-- Records contained in a dataset --

=== Section Start ===

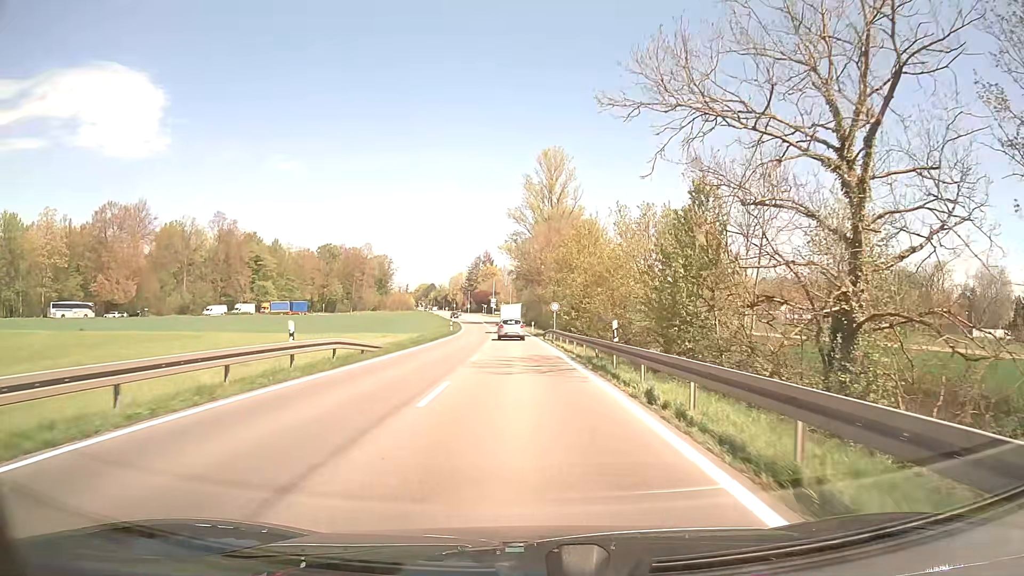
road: secondary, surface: asphalt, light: Day
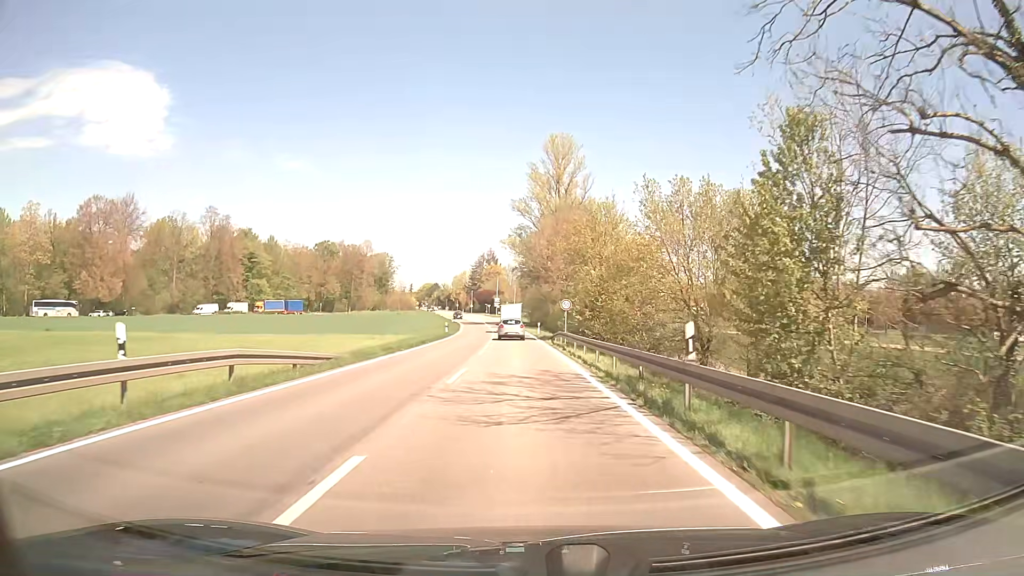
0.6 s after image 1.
(0.0, +7.9) m; -1°
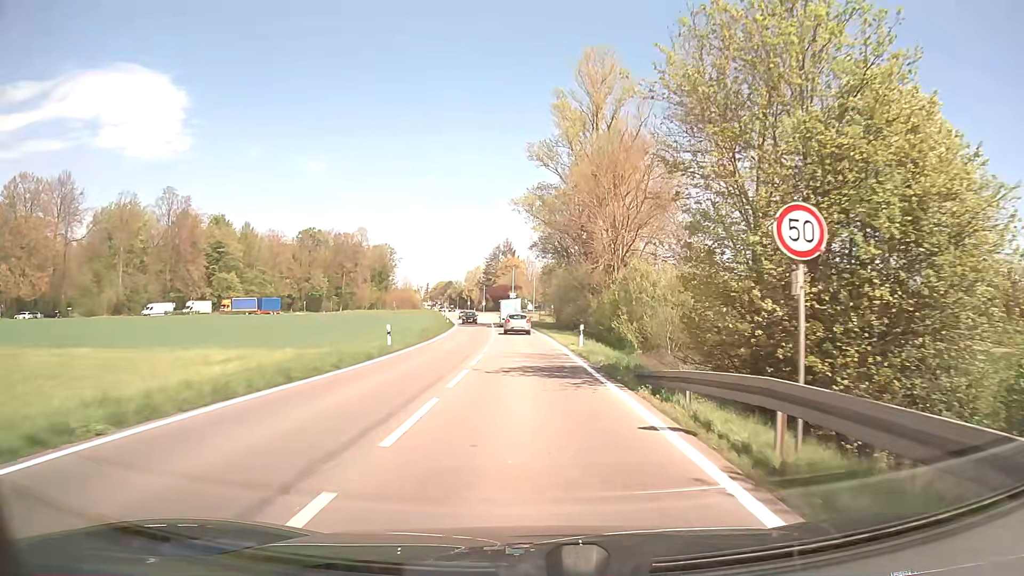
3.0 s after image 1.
(-0.4, +31.6) m; -1°
(0, +10) (0, +20) (0, +30) (-1, +40) (-1, +50) (-2, +60) (-2, +70) (-3, +80) (-3, +90) (-4, +100) m

=== Section End ===

-- WHAT YOU SHOULD DO --
Each entry above is to be written out again unchanged, apart from the pictures, which are left out.

-- OUTPUT OF THE TASK --
road: secondary, surface: asphalt, light: Day
0.6 s after image 1.
(0.0, +7.9) m; -1°
3.0 s after image 1.
(-0.4, +31.6) m; -1°
(0, +10) (0, +20) (0, +30) (-1, +40) (-1, +50) (-2, +60) (-2, +70) (-3, +80) (-3, +90) (-4, +100) m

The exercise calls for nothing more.